Get tensor keys for functions.

get_tensor_dict(with_opt_vars)

Get the weights.

get_train_data_size()

Get the number of training examples.

get_valid_data_size()

Get the number of examples.

initialize_globals()

Initialize all global variables.

initialize_tensorkeys_for_functions([...])

Initialize tensor keys for functions.

load_native(filepath, **kwargs)

Load model state from a filepath in ML-framework "native" format, e.g. PyTorch pickled models.

reset_opt_vars()

Reinitialize the optimizer variables.

save_native(filepath, **kwargs)

Save model weights to a .npz file specified by the filepath.

set_data_loader(data_loader)

Set data_loader object.

set_optimizer_treatment(opt_treatment)

Change the treatment of current instance optimizer.

set_tensor_dict(tensor_dict[, with_opt_vars])

Set the tensor dictionary for the task runner.

start_client_adapter([col_name, round_num, ...])

Start the FlowerInteropServer and the Flower SuperNode.

train_batches([num_batches, use_tqdm])

Perform the training for a specified number of batches.

validate()

Run validation.

get_data_loader()[source]#

Get the data_loader object.

Serves up batches and provides info regarding data_loader.

Returns:

data_loader object

get_required_tensorkeys_for_function(func_name, **kwargs)[source]#

Get tensor keys for functions. Return empty dict.

get_tensor_dict(with_opt_vars)[source]#

Get the weights.

Parameters:

with_opt_vars (bool) – Specify if we also want to get the variables of the optimizer.

Returns:

The weight dictionary {<tensor_name>: <value>}.

Return type:

dict

get_train_data_size()[source]#

Get the number of training examples.

It will be used for weighted averaging in aggregation.

Returns:

The number of training examples.

Return type:

int

get_valid_data_size()[source]#

Get the number of examples.

It will be used for weighted averaging in aggregation.

Returns:

The number of validation examples.

Return type:

int

initialize_globals()[source]#

Initialize all global variables.

Returns:

None

initialize_tensorkeys_for_functions(with_opt_vars=False)[source]#

Initialize tensor keys for functions. Currently not implemented.

load_native(filepath, **kwargs)[source]#

Load model state from a filepath in ML-framework “native” format, e.g. PyTorch pickled models.
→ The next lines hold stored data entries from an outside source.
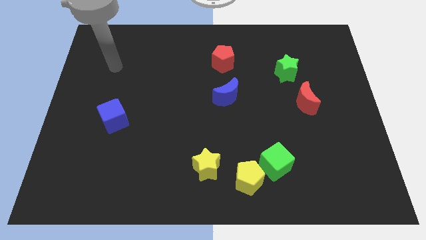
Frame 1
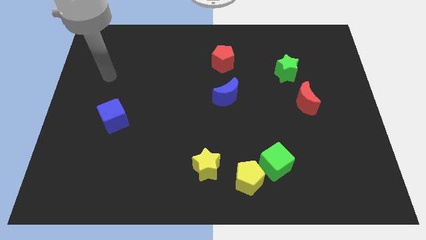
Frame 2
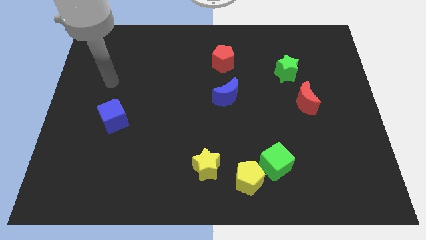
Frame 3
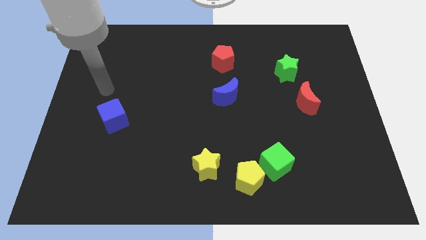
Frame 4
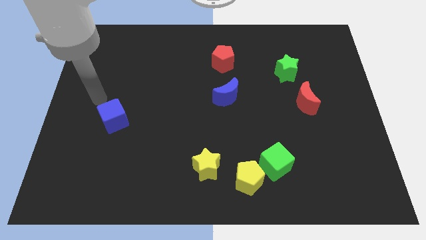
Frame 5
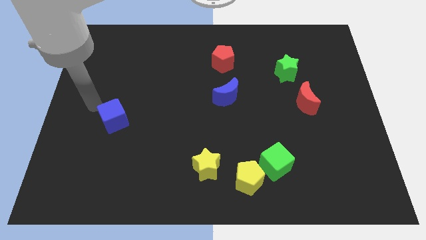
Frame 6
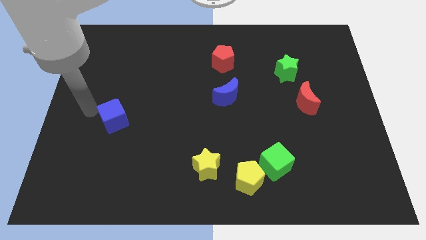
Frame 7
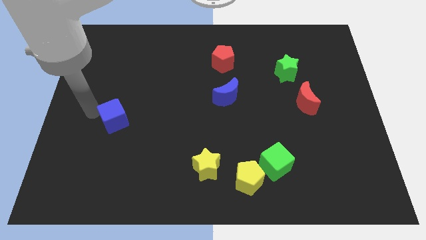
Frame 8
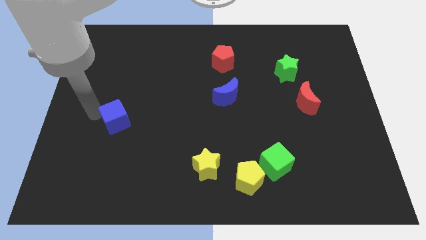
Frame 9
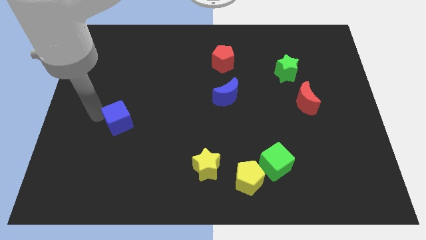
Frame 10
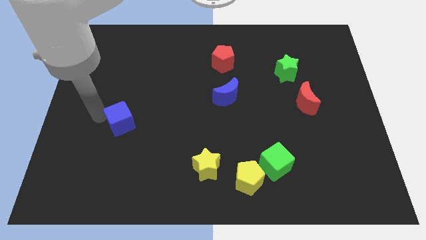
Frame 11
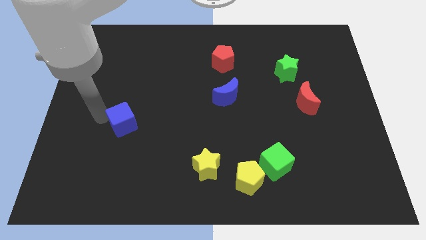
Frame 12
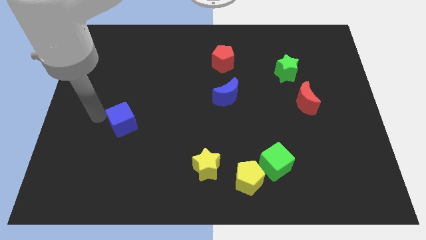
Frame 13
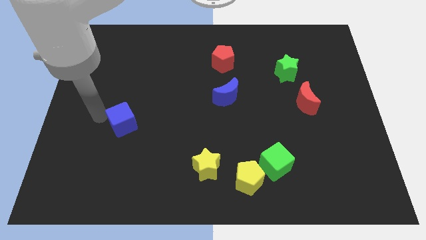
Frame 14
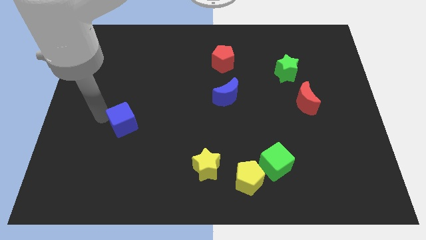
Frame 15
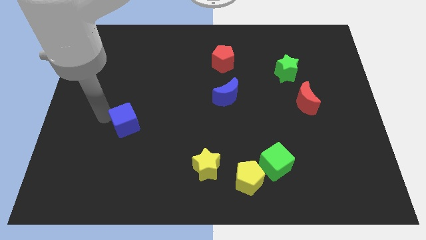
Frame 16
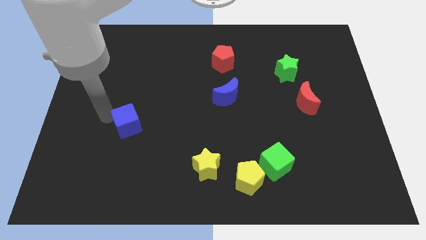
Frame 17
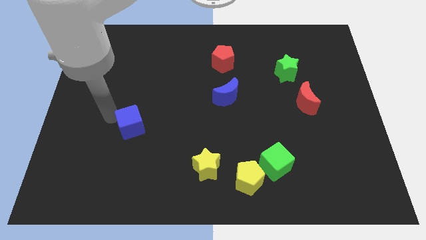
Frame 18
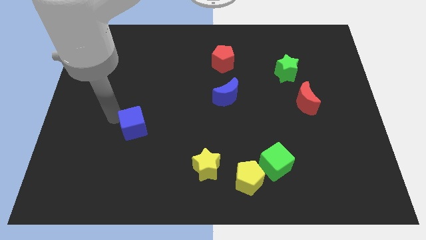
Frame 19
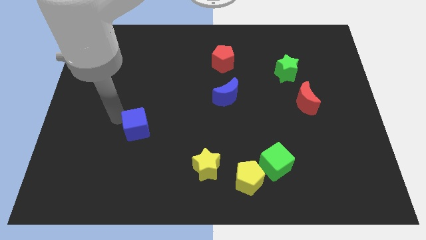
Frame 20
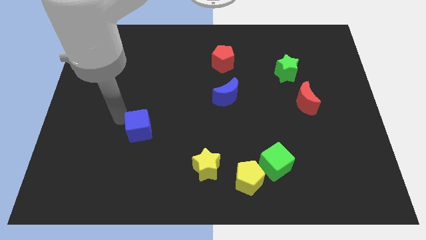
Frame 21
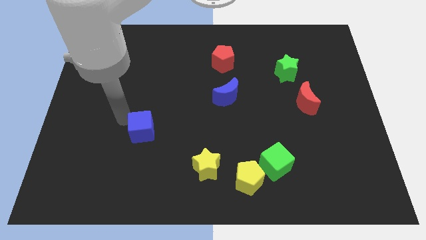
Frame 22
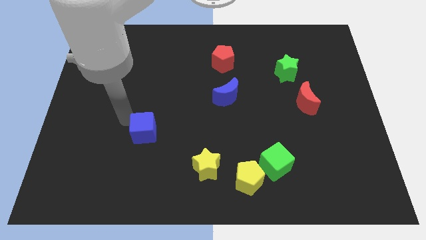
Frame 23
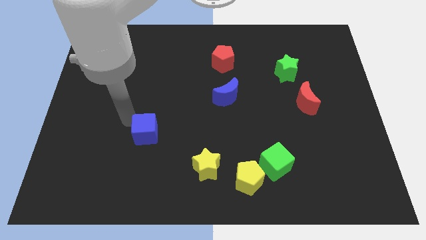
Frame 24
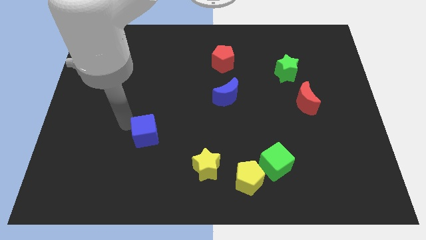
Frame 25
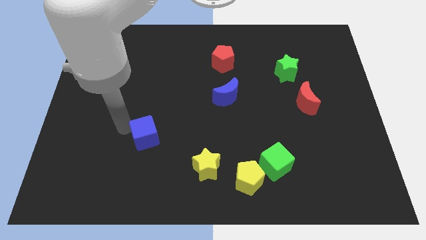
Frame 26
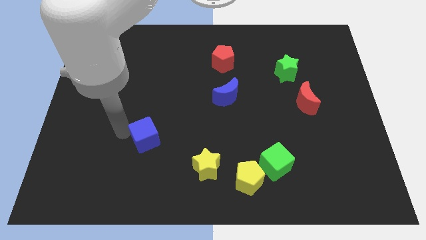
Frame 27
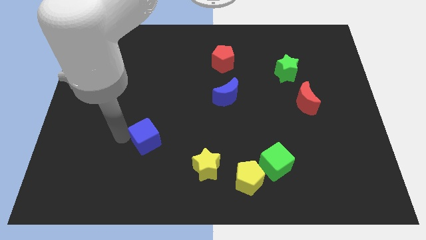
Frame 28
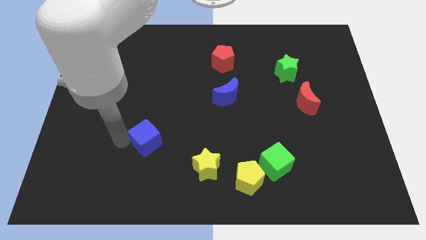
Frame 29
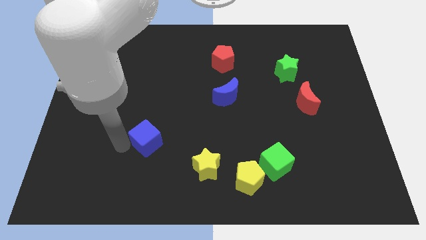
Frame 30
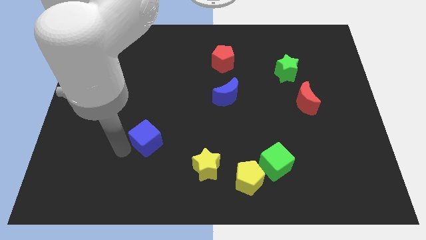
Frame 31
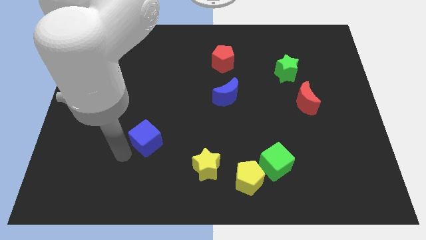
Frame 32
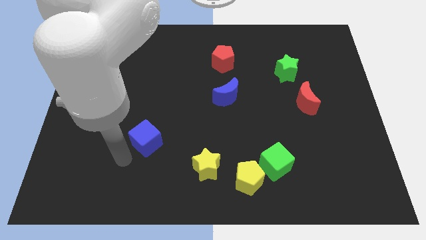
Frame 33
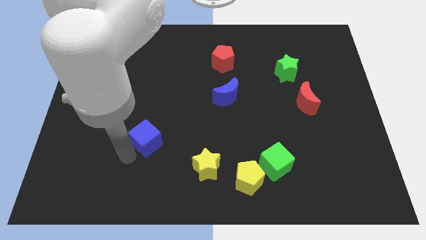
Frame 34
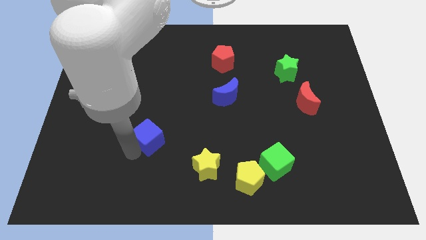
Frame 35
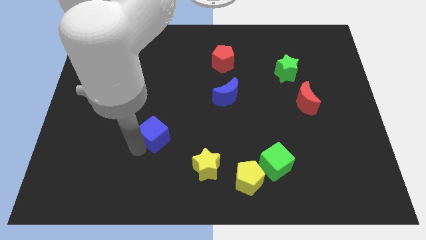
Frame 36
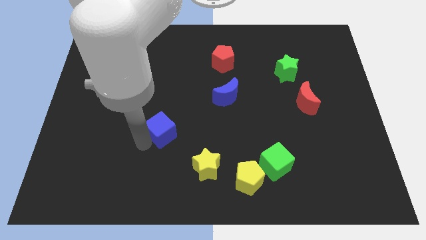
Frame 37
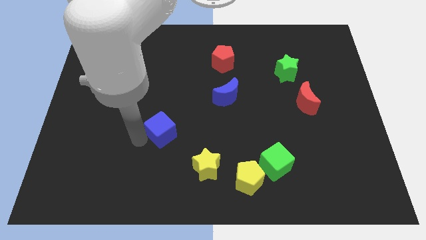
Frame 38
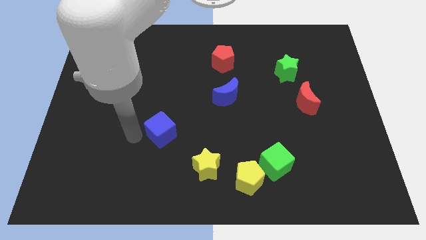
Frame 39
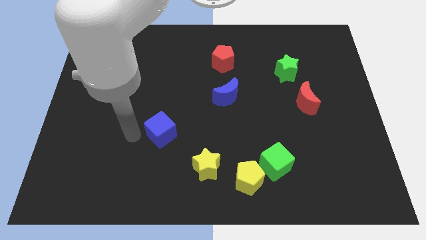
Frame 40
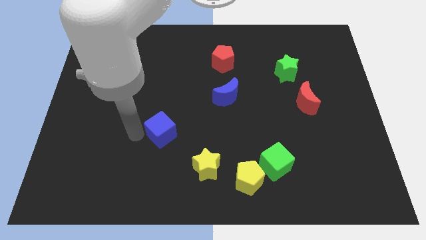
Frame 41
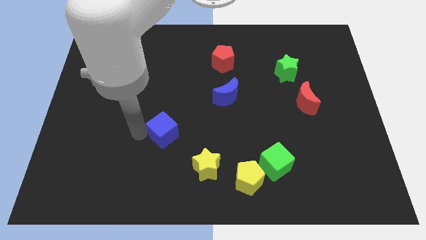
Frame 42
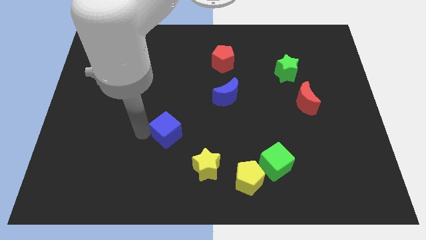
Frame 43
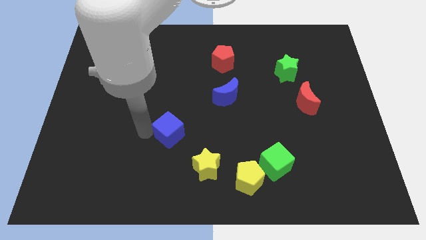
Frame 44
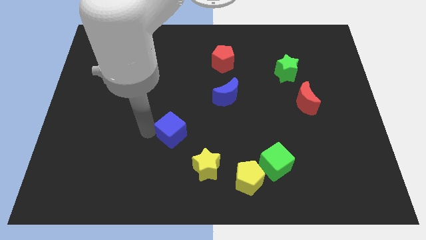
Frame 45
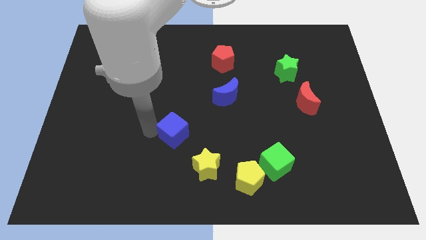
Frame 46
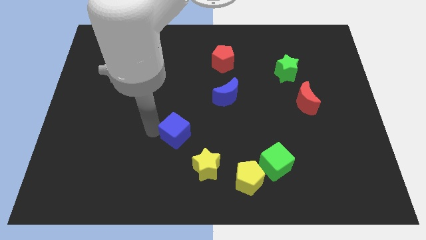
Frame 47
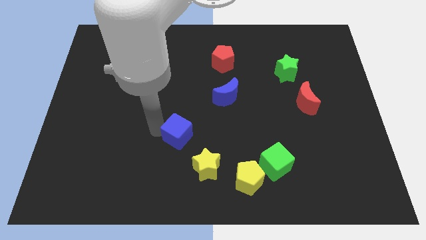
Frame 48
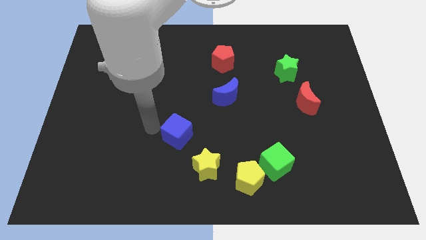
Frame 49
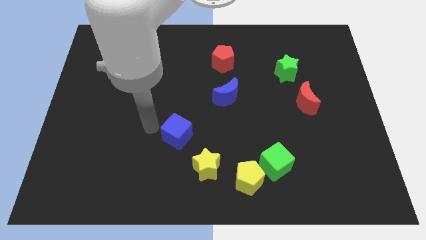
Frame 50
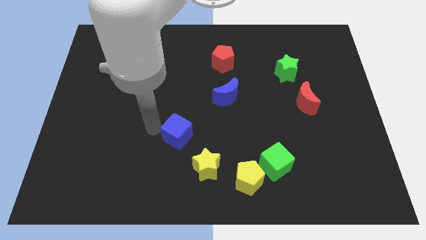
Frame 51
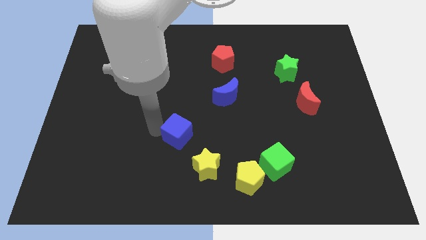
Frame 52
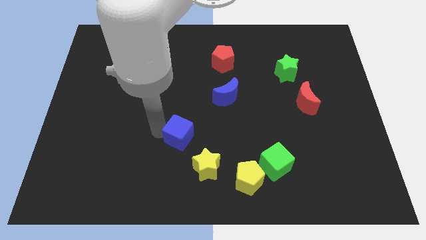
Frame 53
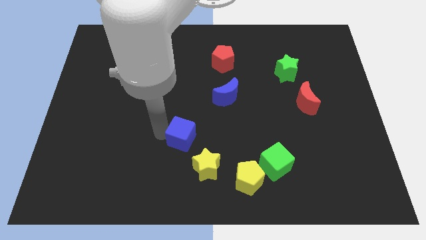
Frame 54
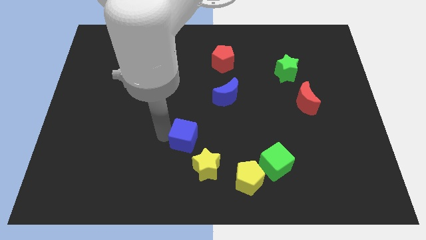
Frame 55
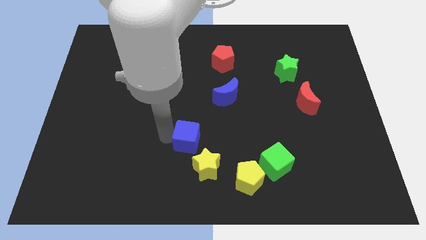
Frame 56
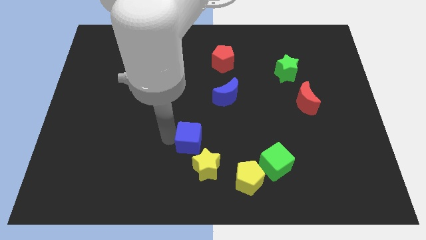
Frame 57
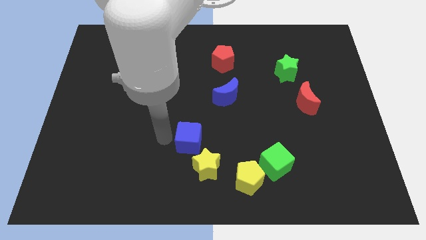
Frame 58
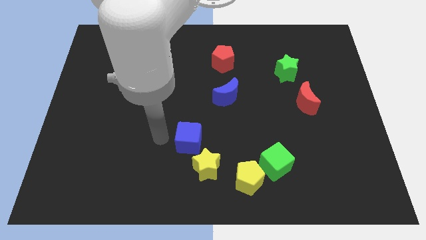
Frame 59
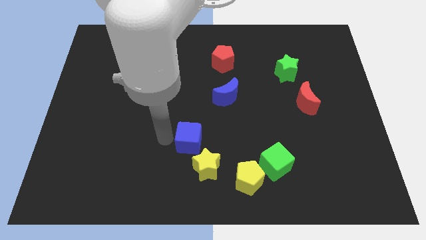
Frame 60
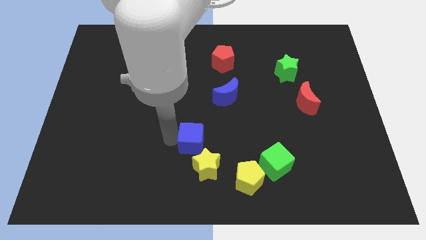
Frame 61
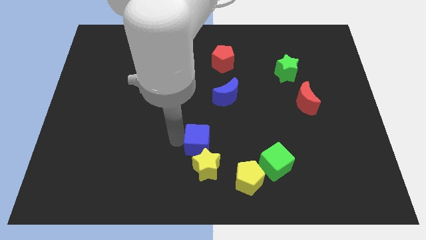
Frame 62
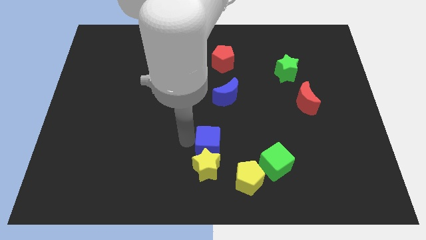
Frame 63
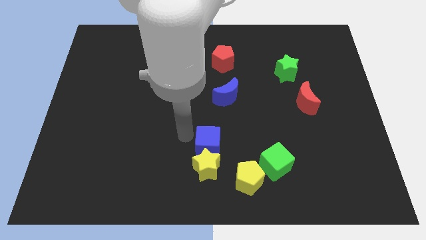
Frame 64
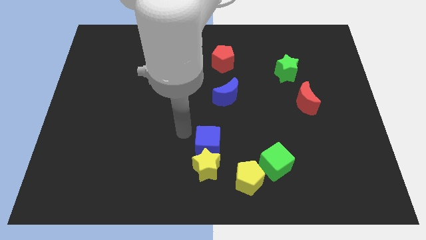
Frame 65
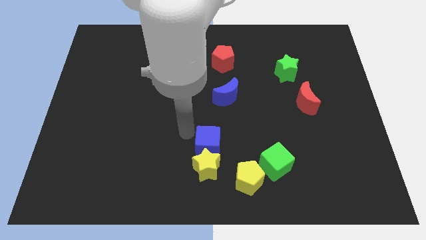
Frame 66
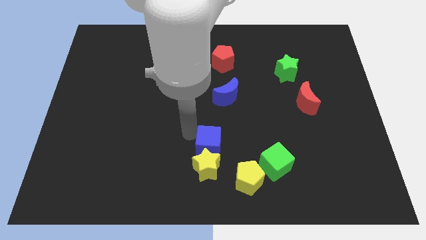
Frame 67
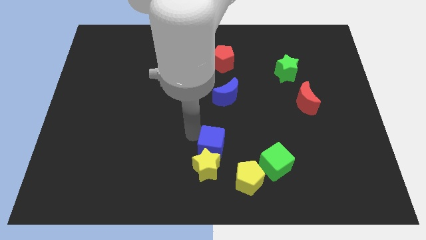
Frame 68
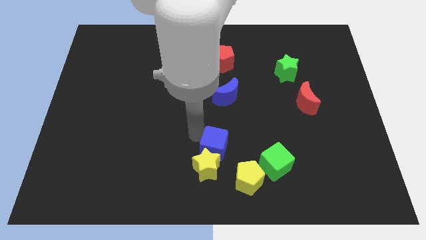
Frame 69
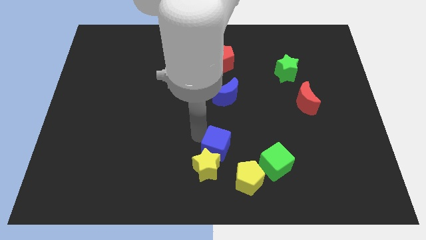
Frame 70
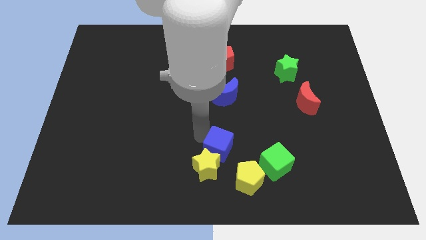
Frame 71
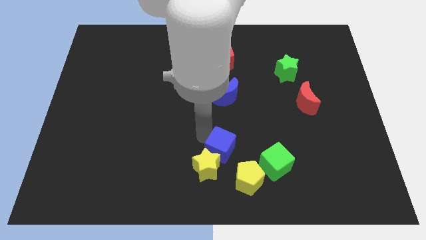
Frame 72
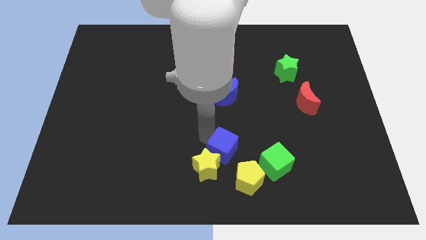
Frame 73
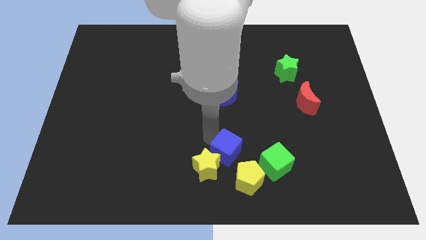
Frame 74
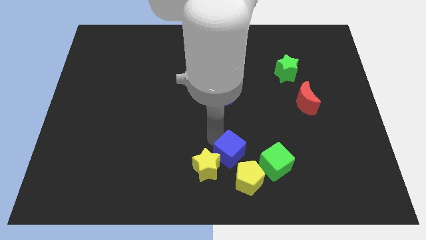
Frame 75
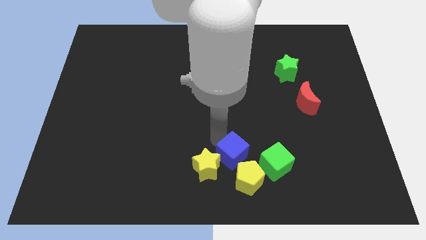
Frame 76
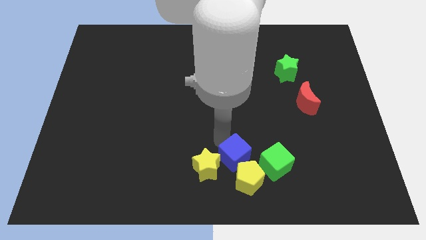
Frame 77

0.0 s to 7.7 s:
move the blue cube towards the yellow pentagon

May load from multiple files. Other filepaths may be derived from the passed filepath, or they may be in the kwargs.

Parameters:
  • filepath (str) –

    Path to frame-work specific file to load. For frameworks that use multiple files, this string must be

    used to derive the other filepaths.

  • **kwargs – Additional parameters to pass to the function. For future-proofing.

Returns:

None

reset_opt_vars()[source]#

Reinitialize the optimizer variables.

Returns:

None

save_native(filepath, **kwargs)[source]#

Save model weights to a .npz file specified by the filepath.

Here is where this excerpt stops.